[WORK ITEM] The line containing "55.218L59.209 69.708C58.563 69.23" and every line after it through the end of the records: return those exactly, and nothing more.

RECORDED INFORMATION Block Start

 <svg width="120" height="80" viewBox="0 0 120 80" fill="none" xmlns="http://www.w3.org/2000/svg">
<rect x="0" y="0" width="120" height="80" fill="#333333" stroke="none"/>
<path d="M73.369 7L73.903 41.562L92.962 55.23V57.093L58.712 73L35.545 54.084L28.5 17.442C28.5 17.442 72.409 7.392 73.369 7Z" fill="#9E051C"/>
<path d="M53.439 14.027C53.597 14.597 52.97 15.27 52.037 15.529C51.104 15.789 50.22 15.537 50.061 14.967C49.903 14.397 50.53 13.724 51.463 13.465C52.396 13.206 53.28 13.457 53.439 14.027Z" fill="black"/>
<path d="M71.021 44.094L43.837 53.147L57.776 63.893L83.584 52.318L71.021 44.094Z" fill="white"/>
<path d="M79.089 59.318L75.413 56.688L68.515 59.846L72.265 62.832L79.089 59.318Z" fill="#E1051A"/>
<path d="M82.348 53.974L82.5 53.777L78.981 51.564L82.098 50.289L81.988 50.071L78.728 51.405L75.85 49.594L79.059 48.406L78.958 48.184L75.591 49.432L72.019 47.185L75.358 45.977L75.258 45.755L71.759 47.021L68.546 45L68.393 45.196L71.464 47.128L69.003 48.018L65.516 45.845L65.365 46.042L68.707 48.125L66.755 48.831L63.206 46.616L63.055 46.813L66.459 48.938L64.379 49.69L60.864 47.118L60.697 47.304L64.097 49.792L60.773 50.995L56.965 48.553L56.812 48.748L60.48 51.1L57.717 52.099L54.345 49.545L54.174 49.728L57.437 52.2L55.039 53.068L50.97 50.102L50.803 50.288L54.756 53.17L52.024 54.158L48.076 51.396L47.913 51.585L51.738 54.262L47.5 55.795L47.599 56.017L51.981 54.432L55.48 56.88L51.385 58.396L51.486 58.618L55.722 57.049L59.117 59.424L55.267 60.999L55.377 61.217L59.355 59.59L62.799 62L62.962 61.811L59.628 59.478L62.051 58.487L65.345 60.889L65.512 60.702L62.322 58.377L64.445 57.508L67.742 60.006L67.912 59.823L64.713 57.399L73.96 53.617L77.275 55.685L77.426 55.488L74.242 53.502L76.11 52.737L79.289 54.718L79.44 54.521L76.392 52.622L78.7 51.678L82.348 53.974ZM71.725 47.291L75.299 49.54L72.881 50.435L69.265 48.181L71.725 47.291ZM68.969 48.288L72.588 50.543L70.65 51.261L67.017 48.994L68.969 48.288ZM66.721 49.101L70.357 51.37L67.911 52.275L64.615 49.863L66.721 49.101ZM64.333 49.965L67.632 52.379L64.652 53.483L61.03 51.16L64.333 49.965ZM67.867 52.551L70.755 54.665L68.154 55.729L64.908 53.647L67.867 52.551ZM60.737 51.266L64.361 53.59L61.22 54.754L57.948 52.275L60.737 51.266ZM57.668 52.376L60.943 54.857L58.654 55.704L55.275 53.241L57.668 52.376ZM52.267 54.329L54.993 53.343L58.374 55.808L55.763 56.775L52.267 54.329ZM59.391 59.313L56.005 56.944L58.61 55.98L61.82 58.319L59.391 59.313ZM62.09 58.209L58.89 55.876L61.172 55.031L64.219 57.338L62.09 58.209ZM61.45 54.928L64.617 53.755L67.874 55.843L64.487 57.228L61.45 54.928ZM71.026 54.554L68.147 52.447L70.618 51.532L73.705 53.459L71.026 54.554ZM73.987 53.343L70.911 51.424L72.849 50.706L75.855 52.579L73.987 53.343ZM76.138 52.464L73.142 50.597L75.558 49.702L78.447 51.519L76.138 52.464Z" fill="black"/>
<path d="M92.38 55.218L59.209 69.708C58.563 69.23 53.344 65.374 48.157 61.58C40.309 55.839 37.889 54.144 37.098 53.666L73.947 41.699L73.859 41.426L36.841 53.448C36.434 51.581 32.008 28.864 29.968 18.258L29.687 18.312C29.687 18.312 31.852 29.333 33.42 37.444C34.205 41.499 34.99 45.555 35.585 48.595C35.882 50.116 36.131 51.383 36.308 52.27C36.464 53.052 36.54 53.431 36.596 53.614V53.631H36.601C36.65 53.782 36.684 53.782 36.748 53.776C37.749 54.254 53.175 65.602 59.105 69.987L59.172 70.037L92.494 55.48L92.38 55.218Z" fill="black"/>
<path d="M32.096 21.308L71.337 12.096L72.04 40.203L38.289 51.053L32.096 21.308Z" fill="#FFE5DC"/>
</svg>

RECORDED INFORMATION Block End

[RESULT OF THE EXERCISE]
<path d="M92.38 55.218L59.209 69.708C58.563 69.23 53.344 65.374 48.157 61.58C40.309 55.839 37.889 54.144 37.098 53.666L73.947 41.699L73.859 41.426L36.841 53.448C36.434 51.581 32.008 28.864 29.968 18.258L29.687 18.312C29.687 18.312 31.852 29.333 33.42 37.444C34.205 41.499 34.99 45.555 35.585 48.595C35.882 50.116 36.131 51.383 36.308 52.27C36.464 53.052 36.54 53.431 36.596 53.614V53.631H36.601C36.65 53.782 36.684 53.782 36.748 53.776C37.749 54.254 53.175 65.602 59.105 69.987L59.172 70.037L92.494 55.48L92.38 55.218Z" fill="black"/>
<path d="M32.096 21.308L71.337 12.096L72.04 40.203L38.289 51.053L32.096 21.308Z" fill="#FFE5DC"/>
</svg>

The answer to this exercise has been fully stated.